◆ TASK INSTRUCTIONS: Work out the number of lines in the listing below that include "style", and answer with it alone.
____________
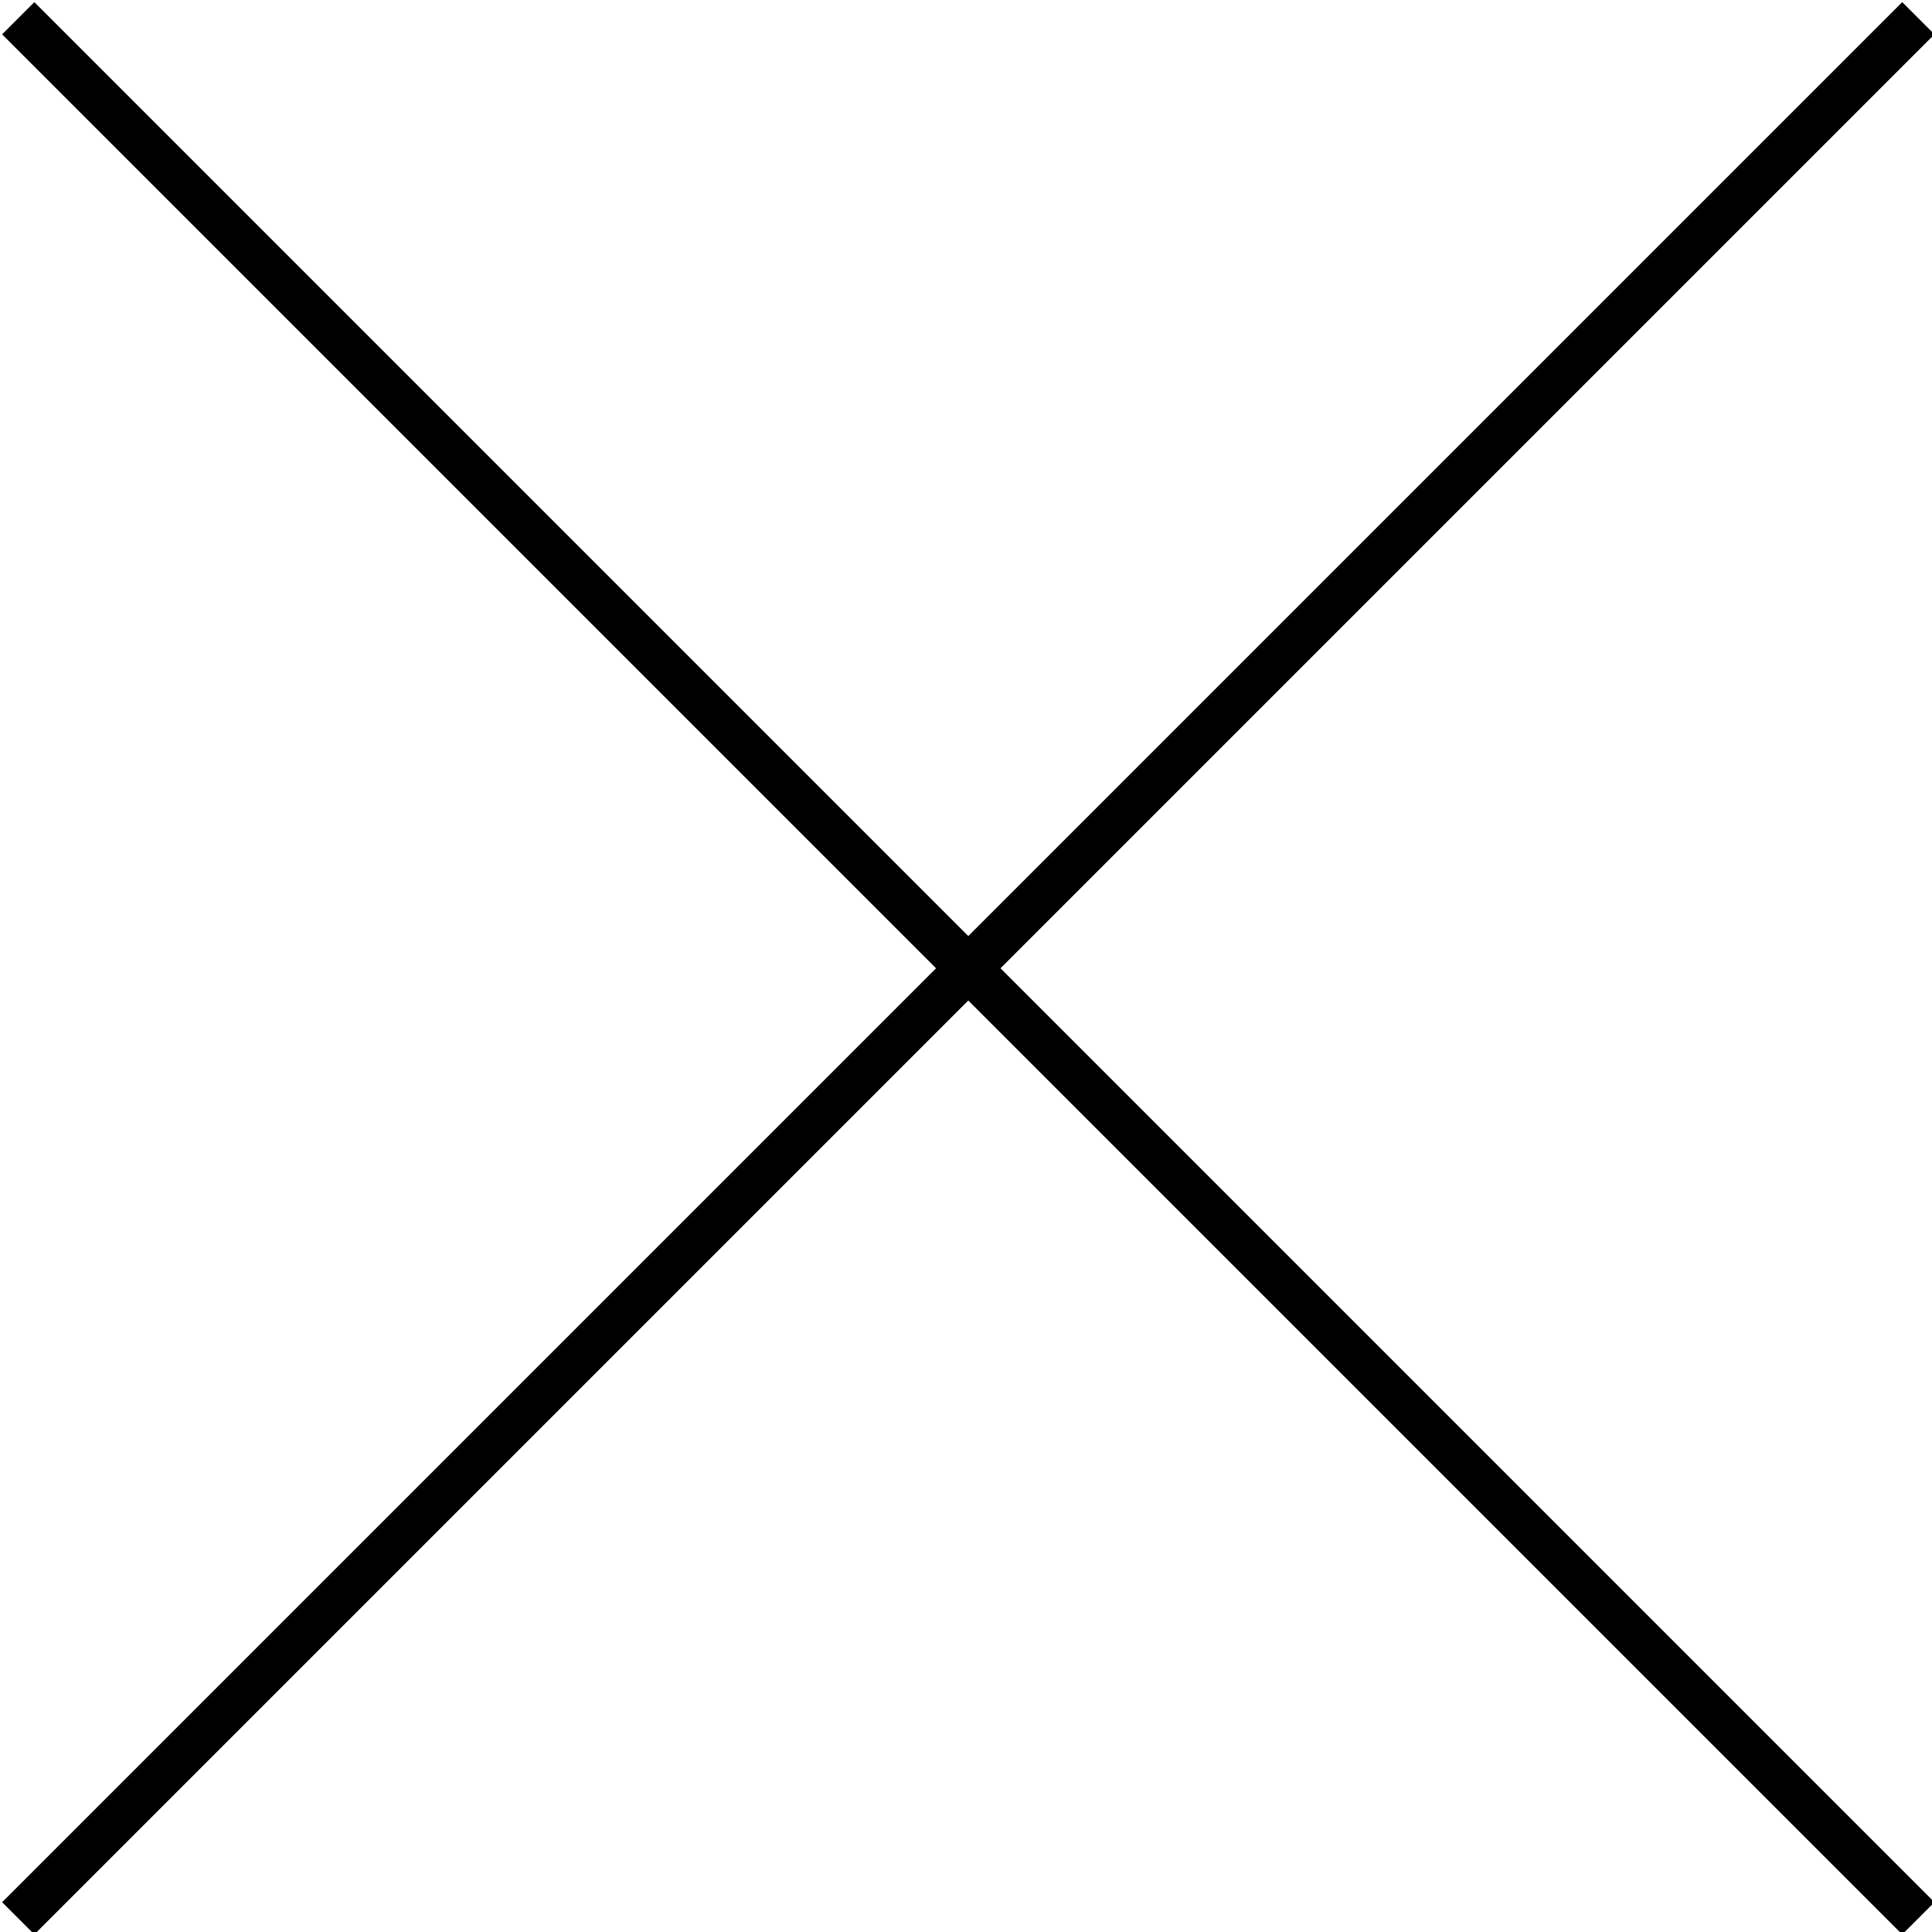 <?xml version="1.0" encoding="utf-8"?>
<!-- Generator: Adobe Illustrator 26.3.1, SVG Export Plug-In . SVG Version: 6.00 Build 0)  -->
<svg version="1.1" id="_x31__x5F_TUYU_x5F_TOP_xA0_画像"
	 xmlns="http://www.w3.org/2000/svg" xmlns:xlink="http://www.w3.org/1999/xlink" x="0px" y="0px" viewBox="0 0 42.4 42.4"
	 style="enable-background:new 0 0 42.4 42.4;" xml:space="preserve">
<style type="text/css">
	.st0{fill:none;stroke:#000000;stroke-miterlimit:10;}
</style>
<g>
	<line class="st0" x1="0.4" y1="0.4" x2="42.1" y2="42.1"/>
	<line class="st0" x1="0.4" y1="42.1" x2="42.1" y2="0.4"/>
</g>
</svg>
____________
◆ RESPONSE TO THIS TASK: 3